Reproduce the listing below character for character; drop every image.

__________

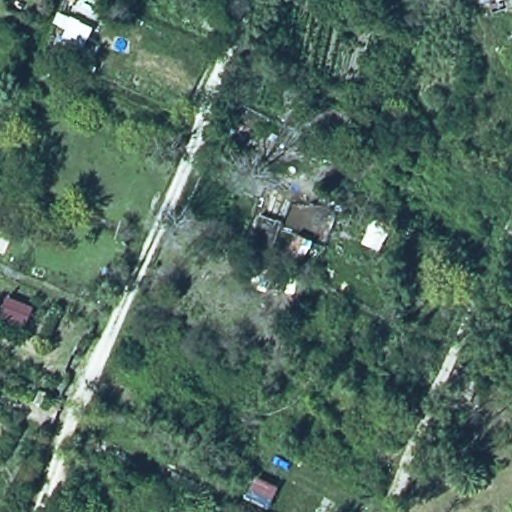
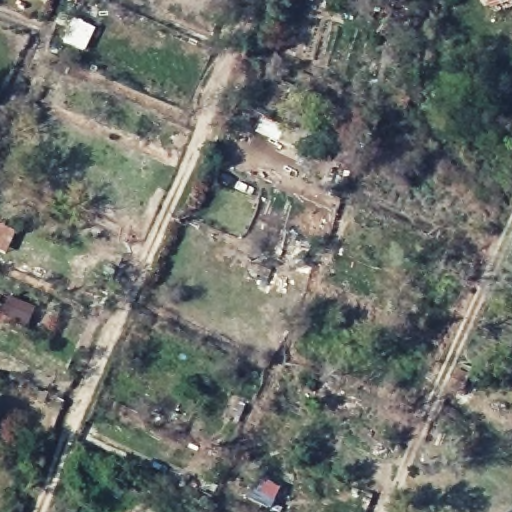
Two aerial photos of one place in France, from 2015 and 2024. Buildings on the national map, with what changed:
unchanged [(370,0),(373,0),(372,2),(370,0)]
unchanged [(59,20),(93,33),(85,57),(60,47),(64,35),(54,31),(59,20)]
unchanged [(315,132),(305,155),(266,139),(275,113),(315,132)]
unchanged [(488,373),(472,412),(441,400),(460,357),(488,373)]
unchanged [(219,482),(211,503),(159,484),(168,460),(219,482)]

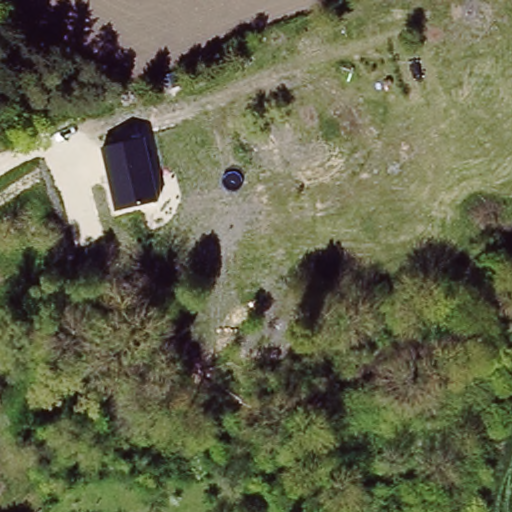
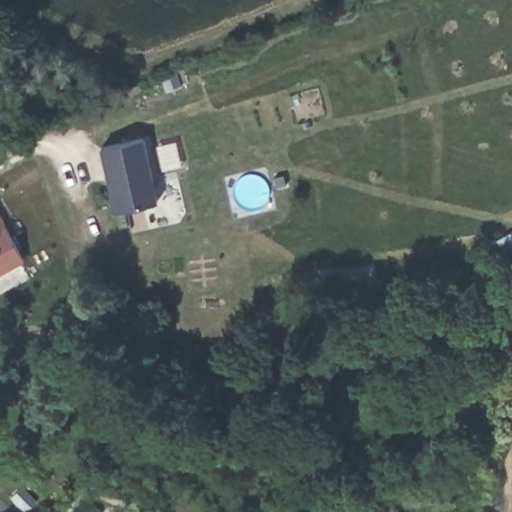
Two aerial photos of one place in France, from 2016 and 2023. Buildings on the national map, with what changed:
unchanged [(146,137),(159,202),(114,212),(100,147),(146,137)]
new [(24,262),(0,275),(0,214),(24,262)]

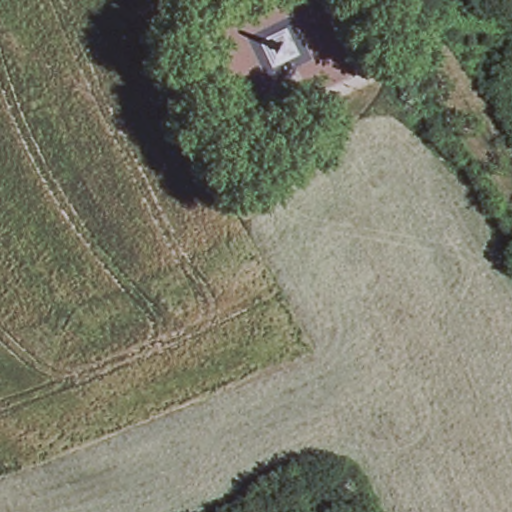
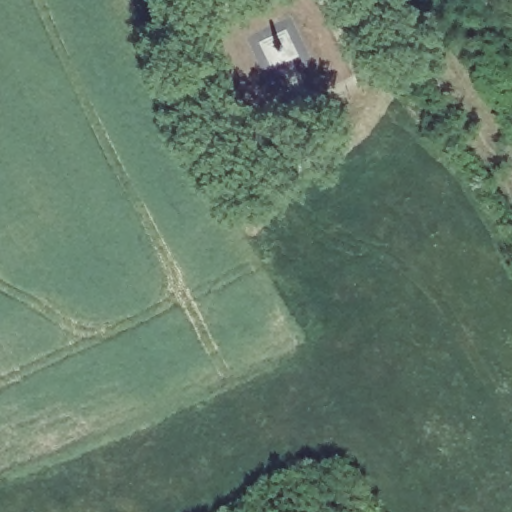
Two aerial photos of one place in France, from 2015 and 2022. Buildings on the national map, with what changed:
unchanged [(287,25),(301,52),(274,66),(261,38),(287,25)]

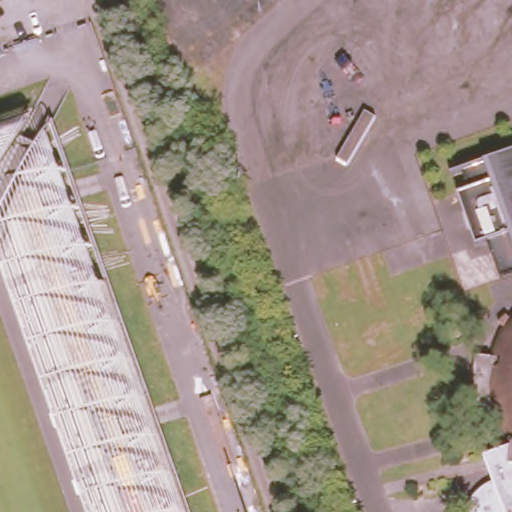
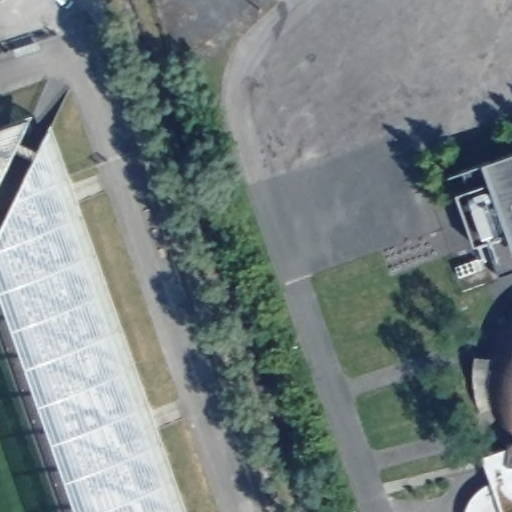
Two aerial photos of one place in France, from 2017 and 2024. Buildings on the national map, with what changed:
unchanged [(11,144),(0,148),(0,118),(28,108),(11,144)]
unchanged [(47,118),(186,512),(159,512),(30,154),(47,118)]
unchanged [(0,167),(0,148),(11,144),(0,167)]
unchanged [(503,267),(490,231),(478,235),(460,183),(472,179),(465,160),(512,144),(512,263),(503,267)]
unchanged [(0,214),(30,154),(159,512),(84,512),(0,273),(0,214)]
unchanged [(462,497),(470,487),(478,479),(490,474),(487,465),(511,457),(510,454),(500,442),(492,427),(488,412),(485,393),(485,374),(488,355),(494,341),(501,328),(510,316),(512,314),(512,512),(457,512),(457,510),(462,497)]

__________

▶ [TASK RESULT]:
Two aerial photos of one place in France, from 2015 and 2024. Buildings on the national map, with what changed:
unchanged [(370,0),(373,0),(372,2),(370,0)]
unchanged [(59,20),(93,33),(85,57),(60,47),(64,35),(54,31),(59,20)]
unchanged [(315,132),(305,155),(266,139),(275,113),(315,132)]
unchanged [(488,373),(472,412),(441,400),(460,357),(488,373)]
unchanged [(219,482),(211,503),(159,484),(168,460),(219,482)]

Two aerial photos of one place in France, from 2016 and 2023. Buildings on the national map, with what changed:
unchanged [(146,137),(159,202),(114,212),(100,147),(146,137)]
new [(24,262),(0,275),(0,214),(24,262)]

Two aerial photos of one place in France, from 2015 and 2022. Buildings on the national map, with what changed:
unchanged [(287,25),(301,52),(274,66),(261,38),(287,25)]

Two aerial photos of one place in France, from 2017 and 2024. Buildings on the national map, with what changed:
unchanged [(11,144),(0,148),(0,118),(28,108),(11,144)]
unchanged [(47,118),(186,512),(159,512),(30,154),(47,118)]
unchanged [(0,167),(0,148),(11,144),(0,167)]
unchanged [(503,267),(490,231),(478,235),(460,183),(472,179),(465,160),(512,144),(512,263),(503,267)]
unchanged [(0,214),(30,154),(159,512),(84,512),(0,273),(0,214)]
unchanged [(462,497),(470,487),(478,479),(490,474),(487,465),(511,457),(510,454),(500,442),(492,427),(488,412),(485,393),(485,374),(488,355),(494,341),(501,328),(510,316),(512,314),(512,512),(457,512),(457,510),(462,497)]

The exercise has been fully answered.